Addressing The Chip Shortage: Protecting The Payments Industry And The American Economy
6 min read

Across the United States, companies in a range of industries are unable to obtain the semiconductor chips necessary to power the products that propel economic growth. While on the surface this may appear to be a short-term supply chain disruption, the chip shortage has material economic impacts across the American economy, including a disruption of the secure, near-instant payments ecosystem consumers expect and rely on. Customers, small businesses, and organizations across the country need policymakers to prioritize the development and distribution of chips for the technologies that are critically important to the American economy, such as payment cards, or these economic hurdles will remain in place. New research from the Smart Payments Association estimates that 120 to 210 million cardholders worldwide are at risk of not receiving a payment card in the second half of 2021, and anywhere from 280-540 million could fail to receive a card in 2022 if changes to the chip supply chain are not quickly implemented.

How Chips Are Used In Cards

Many people fail to realize that the power behind modern payment systems starts with the small EMV chip embedded in debit and credit cards. EMV cards uniquely secure data every time a card is used by creating a unique code, preventing the re-use of skimmed financial account information that traditional magnetic stripe cards can be susceptible to. The transition from “swiping” a stripe to “dipping” or “tapping” a chip, has made the payment process far more secure and convenient: Counterfeit fraud experienced by U.S. chip-enabled sellers decreased by 80% from 2016 to 2019. Whether through a contactless interaction or card insertion, the EMV chip ensures smooth and secure economic transactions for consumers and businesses alike.

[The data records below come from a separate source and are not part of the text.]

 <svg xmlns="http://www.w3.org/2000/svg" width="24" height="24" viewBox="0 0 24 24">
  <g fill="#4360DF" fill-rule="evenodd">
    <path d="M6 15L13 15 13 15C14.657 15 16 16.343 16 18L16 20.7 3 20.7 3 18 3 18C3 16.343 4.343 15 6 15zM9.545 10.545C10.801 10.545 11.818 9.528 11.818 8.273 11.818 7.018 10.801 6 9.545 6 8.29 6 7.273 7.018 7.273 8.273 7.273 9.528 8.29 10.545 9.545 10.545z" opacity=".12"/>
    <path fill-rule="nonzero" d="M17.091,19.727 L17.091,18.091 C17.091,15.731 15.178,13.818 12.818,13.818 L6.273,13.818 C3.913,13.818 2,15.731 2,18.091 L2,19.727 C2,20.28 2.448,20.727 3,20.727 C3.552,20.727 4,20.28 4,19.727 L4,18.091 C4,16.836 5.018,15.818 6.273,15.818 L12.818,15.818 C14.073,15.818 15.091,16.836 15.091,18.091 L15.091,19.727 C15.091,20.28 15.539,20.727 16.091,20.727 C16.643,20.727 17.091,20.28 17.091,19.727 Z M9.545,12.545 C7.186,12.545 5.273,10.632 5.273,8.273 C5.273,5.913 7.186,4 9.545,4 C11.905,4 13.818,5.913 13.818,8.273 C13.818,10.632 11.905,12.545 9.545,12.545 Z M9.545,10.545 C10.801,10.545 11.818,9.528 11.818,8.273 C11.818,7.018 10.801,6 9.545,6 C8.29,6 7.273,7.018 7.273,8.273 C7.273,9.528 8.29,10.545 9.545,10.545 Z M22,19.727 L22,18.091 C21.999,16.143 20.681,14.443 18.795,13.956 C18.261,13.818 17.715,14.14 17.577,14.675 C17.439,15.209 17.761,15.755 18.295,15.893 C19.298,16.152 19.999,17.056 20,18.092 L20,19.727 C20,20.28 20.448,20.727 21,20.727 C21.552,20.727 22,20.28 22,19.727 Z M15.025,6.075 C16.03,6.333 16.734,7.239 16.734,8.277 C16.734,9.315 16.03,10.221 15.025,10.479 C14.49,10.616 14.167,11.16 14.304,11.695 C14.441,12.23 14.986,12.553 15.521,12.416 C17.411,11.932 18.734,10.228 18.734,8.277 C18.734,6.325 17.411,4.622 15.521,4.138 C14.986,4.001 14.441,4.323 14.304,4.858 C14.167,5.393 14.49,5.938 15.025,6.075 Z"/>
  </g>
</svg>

How The Chip Shortage Is Impacting The Economy

The continued security and efficacy of payments enabled by EMV chip cards depends on the continued availability of the chips themselves. The transition to chip-based payments continues apace: In the U.S. in 2020 there were over 1.1 billion chip-enabled cards in circulation, accounting for almost 73% of card-present transactions. In 2019, credit cards alone accounted for more than 108.6 million transactions a day, with an additional 77.4 billion debit card transactions that year in the United States. Chip card adoption is even higher in the rest of the world, with at least 95% of card-present transactions using an EMV chip in Europe, the Middle East and Africa, and Canada, Latin America, and the Caribbean in 2020. Combined, this accounts for a huge portion of global economic activity—and given the international nature of semiconductor supply chains, it’s vulnerable to disruption due to the chip shortage.

The possible shortage of chip-enabled cards also raises a host of safety concerns. Without chips, issuers may be forced to revert to issuing mag-stripe only cards, possibly reversing the gains achieved in fraud reduction in recent years and making consumer data more vulnerable.

Due to the important role payment cards play in the American economy, this chip shortage could result in a disruption to American commercial activity, and the nation’s continued economic recovery. For example, as the federal government continues to integrate debit cards for social safety net payments and various relief programs, this shortage could have the unintended consequences of disrupting the disbursement of aid to those across the country.

How Government Can Respond

We need an all-hands-on-deck approach to the current chip shortage. As Congress and the Biden Administration continue to prioritize this issue and search for solutions, they cannot omit the impact this will have on the payments industry. It will be crucial for leaders to ensure payment cards are given high priority in the chip production process to ensure their adequate supply. Urgent action is needed as securing an uninterrupted supply chain for payment cards is necessary to foster continued economic activity and recovery. It will take all of us working together to solve this pressing issue, and the payments industry looks forward to working with the Biden Administration to develop lasting solutions.